● **Provided records**:
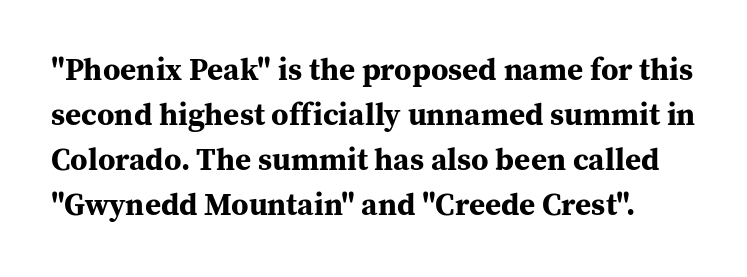
Q: Is the text bold? A: Yes.
Q: Is the text italic (slanted)? A: No, it is upright.
Q: Is the typeface a serif or a sans-serif typeface? A: Serif.
Q: Is the text underlined? A: No.
Q: Is the spacing between letters normal or unusually wide? A: Normal.
Q: Is the spacing between lines tight, normal or loose? A: Normal.
Q: Width (condensed, normal, or wide)? A: Normal.
Q: Stroke contrast? A: Medium.
Q: x-height? A: Medium.
Q: Monospaced? A: No.
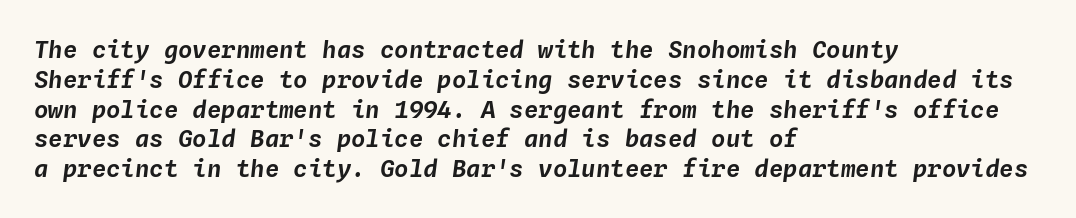
These lines were composed using italics. Compared with typical body copy, the letter spacing here is the same. Is the block centered? No — it sits flush against the left margin. The gap between lines stays unmarked.
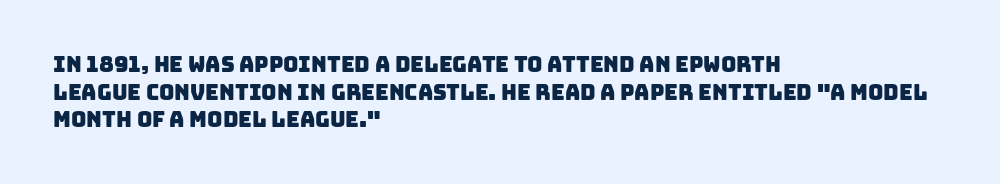
{"underline": "no", "align": "left", "line_spacing": "normal", "line_spacing_ratio": 1.31, "letter_spacing": "normal", "letter_spacing_em": 0.0, "glyph_px": 21}
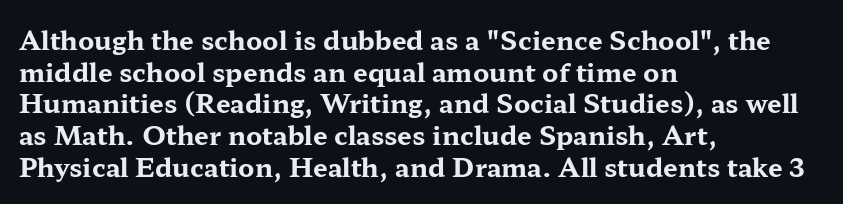
{"italic": "no", "bold": "yes", "underline": "no", "align": "left", "line_spacing_ratio": 1.22, "letter_spacing": "normal", "letter_spacing_em": 0.0, "glyph_px": 26}
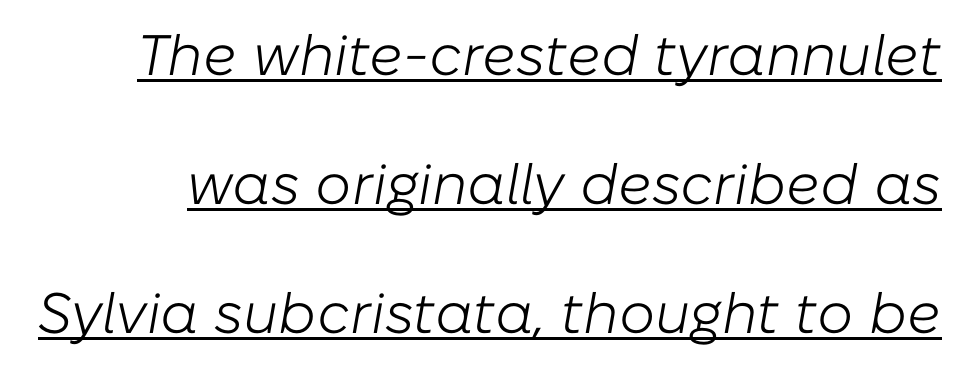
Q: Is the text bold? A: No.
Q: Is the text italic (slanted)? A: Yes, it leans right by about 10 degrees.
Q: Is the text underlined? A: Yes.
Q: Is the spacing between letters normal or unusually wide? A: Normal.
Q: Is the spacing between lines tight, normal or loose? A: Loose.
Q: Width (condensed, normal, or wide)? A: Normal.
Q: Stroke contrast? A: Low.
Q: x-height? A: Medium.
Q: Monospaced? A: No.
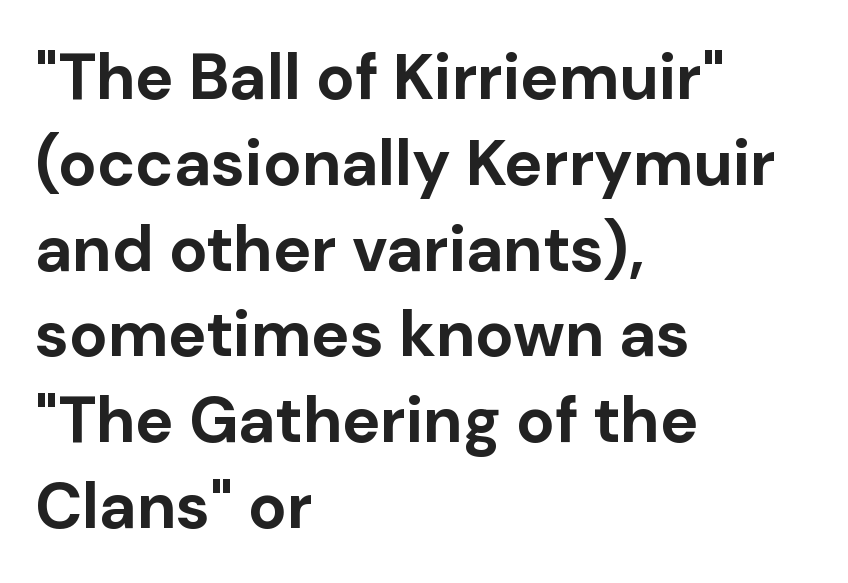
The image shows 64 px bold sans-serif type, upright; set left-aligned, normal line spacing (1.34x), normal letter spacing, not underlined; low stroke contrast and a medium x-height.
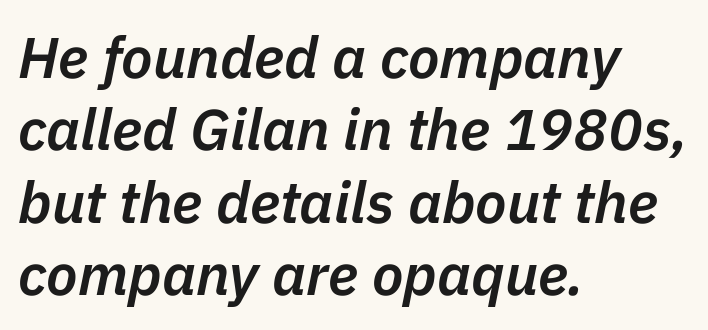
The image shows 58 px semibold type, italic (leaning right); set left-aligned, normal line spacing (1.25x), normal letter spacing, not underlined; low stroke contrast and a medium x-height.
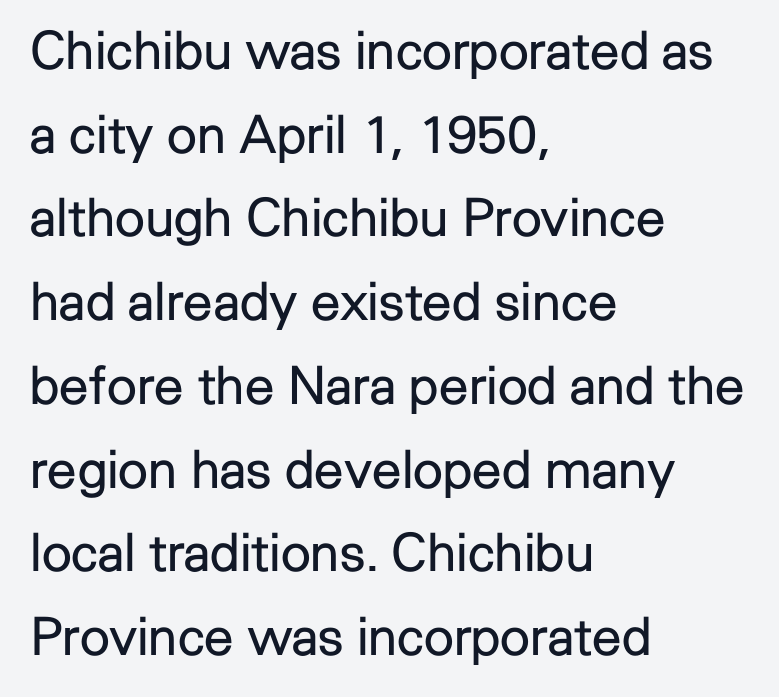
The specimen omits any rule beneath the text block's lines. The paragraph has a hard left edge and a soft right edge. Weight: in the light-to-regular range. How are the letters spaced? Ordinarily, with no added tracking. A typesetter would call this proportional, since set widths differ per character.
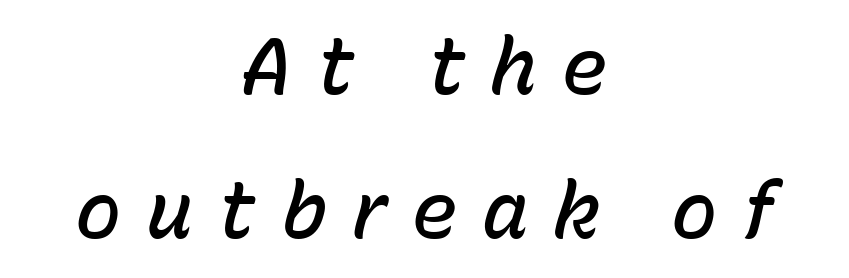
Q: Is the text bold? A: Semi-bold.
Q: Is the text italic (slanted)? A: Yes, it leans right by about 15 degrees.
Q: Is the text underlined? A: No.
Q: How is the paragraph aligned? A: Centered.
Q: Is the spacing between letters normal or unusually wide? A: Unusually wide.
Q: Width (condensed, normal, or wide)? A: Normal.
Q: Stroke contrast? A: Low.
Q: x-height? A: Medium.
Q: Monospaced? A: No.
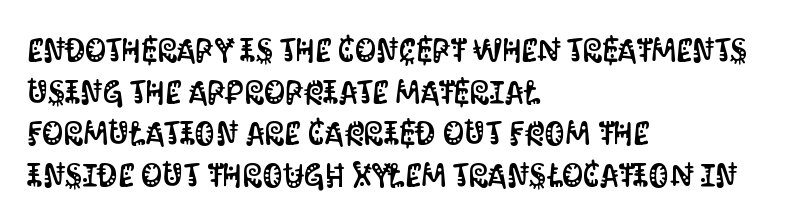
Observe the ordinary spacing: letters are neighbours, not strangers. Check under the words: just untouched page. The passage shown is typed in a proportional face where columns would drift. The block of text has a typical density, with ordinary space between rows. A sans-serif font was chosen for this passage. These lines were composed using upright roman letters.
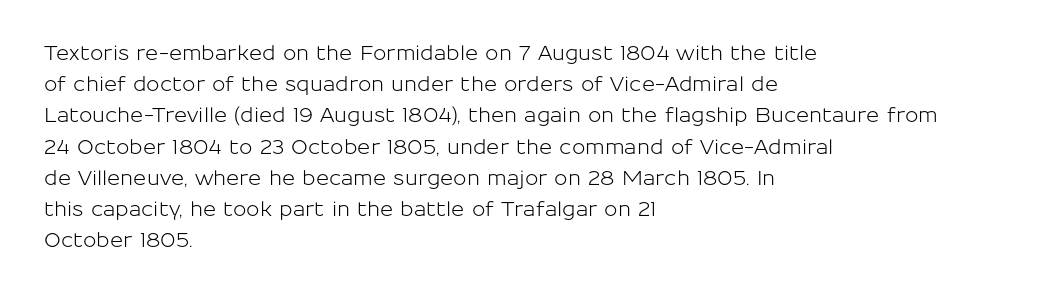
{"italic": "no", "underline": "no", "align": "left", "line_spacing": "normal", "line_spacing_ratio": 1.56, "letter_spacing": "normal", "letter_spacing_em": 0.0, "glyph_px": 20}
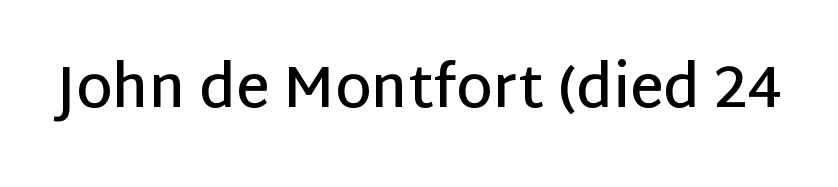
Underline: absent. In terms of posture, this sample is upright. Check where the strokes stop: nothing finishes them off — pure sans. A semibold gives these letters moderate extra thickness, short of bold. This sample has the flowing, uneven cadence of proportional lettering.

● **Exercise description**: Your reply should hold every line above exactly as written and none of the pictures.

● **Reply to the exercise**:
Q: Is the text bold? A: Yes.
Q: Is the text italic (slanted)? A: No, it is upright.
Q: Is the typeface a serif or a sans-serif typeface? A: Serif.
Q: Is the text underlined? A: No.
Q: Is the spacing between letters normal or unusually wide? A: Normal.
Q: Is the spacing between lines tight, normal or loose? A: Normal.
Q: Width (condensed, normal, or wide)? A: Normal.
Q: Stroke contrast? A: Medium.
Q: x-height? A: Medium.
Q: Monospaced? A: No.
These lines were composed using italics. Compared with typical body copy, the letter spacing here is the same. Is the block centered? No — it sits flush against the left margin. The gap between lines stays unmarked.
{"underline": "no", "align": "left", "line_spacing": "normal", "line_spacing_ratio": 1.31, "letter_spacing": "normal", "letter_spacing_em": 0.0, "glyph_px": 21}
{"italic": "no", "bold": "yes", "underline": "no", "align": "left", "line_spacing_ratio": 1.22, "letter_spacing": "normal", "letter_spacing_em": 0.0, "glyph_px": 26}
Q: Is the text bold? A: No.
Q: Is the text italic (slanted)? A: Yes, it leans right by about 10 degrees.
Q: Is the text underlined? A: Yes.
Q: Is the spacing between letters normal or unusually wide? A: Normal.
Q: Is the spacing between lines tight, normal or loose? A: Loose.
Q: Width (condensed, normal, or wide)? A: Normal.
Q: Stroke contrast? A: Low.
Q: x-height? A: Medium.
Q: Monospaced? A: No.
The image shows 64 px bold sans-serif type, upright; set left-aligned, normal line spacing (1.34x), normal letter spacing, not underlined; low stroke contrast and a medium x-height.
The image shows 58 px semibold type, italic (leaning right); set left-aligned, normal line spacing (1.25x), normal letter spacing, not underlined; low stroke contrast and a medium x-height.
The specimen omits any rule beneath the text block's lines. The paragraph has a hard left edge and a soft right edge. Weight: in the light-to-regular range. How are the letters spaced? Ordinarily, with no added tracking. A typesetter would call this proportional, since set widths differ per character.
Q: Is the text bold? A: Semi-bold.
Q: Is the text italic (slanted)? A: Yes, it leans right by about 15 degrees.
Q: Is the text underlined? A: No.
Q: How is the paragraph aligned? A: Centered.
Q: Is the spacing between letters normal or unusually wide? A: Unusually wide.
Q: Width (condensed, normal, or wide)? A: Normal.
Q: Stroke contrast? A: Low.
Q: x-height? A: Medium.
Q: Monospaced? A: No.
Observe the ordinary spacing: letters are neighbours, not strangers. Check under the words: just untouched page. The passage shown is typed in a proportional face where columns would drift. The block of text has a typical density, with ordinary space between rows. A sans-serif font was chosen for this passage. These lines were composed using upright roman letters.
{"italic": "no", "underline": "no", "align": "left", "line_spacing": "normal", "line_spacing_ratio": 1.56, "letter_spacing": "normal", "letter_spacing_em": 0.0, "glyph_px": 20}
Underline: absent. In terms of posture, this sample is upright. Check where the strokes stop: nothing finishes them off — pure sans. A semibold gives these letters moderate extra thickness, short of bold. This sample has the flowing, uneven cadence of proportional lettering.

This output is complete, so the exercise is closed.